A Borel $\sigma$-field is the smallest $\sigma$ field that contains $\{(-\infty,x]\,: x \in \mathbb{R}\}$
Is this definition complete? I have been trying to use unions, intersections and complements of such sets to prove that open sets (say, $(a,b)$) belong to the Borel $\sigma$-field, but I have been unable to do so. I don't understand how to prove open intervals belong in the field. I have only been able to prove that $(a,b]$ belong in the field. I did this by observing that $(-\infty,a]$ belongs, so its complement, i.e. $(a, \infty)$ belongs. So intersection of $(a,\infty)$ and $(-\infty, b]$, i.e. $(a, b]$ belongs. But I am stuck here.

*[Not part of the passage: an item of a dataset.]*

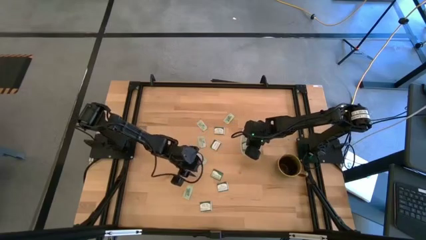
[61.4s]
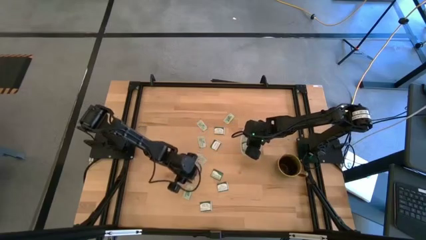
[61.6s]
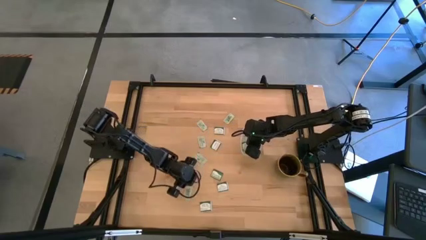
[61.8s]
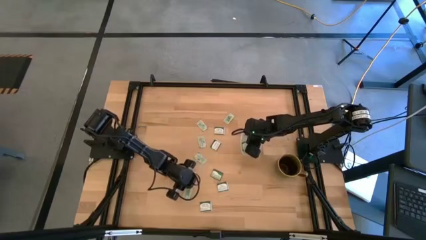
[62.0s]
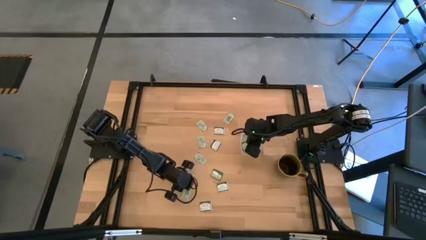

Is the definition complete? Or do we need to assume that intervals of type $[x, \infty)$ also belong? If the definition is complete, how do we prove that the Borel $\sigma$-field includes open intervals?
Let $\newcommand{\cf}{\mathcal{P}}\cf$ be the sigma-field of Borel sets. You can prove $(-\infty,b)\in\cf$ by observing $(-\infty,b)=\bigcup_{n=1}^\infty(-\infty,b-1/n]$. You know $(a,\infty)\in\cf$, so $(a,b)=(a,\infty) \cap(-\infty,b)\in\cf$ etc.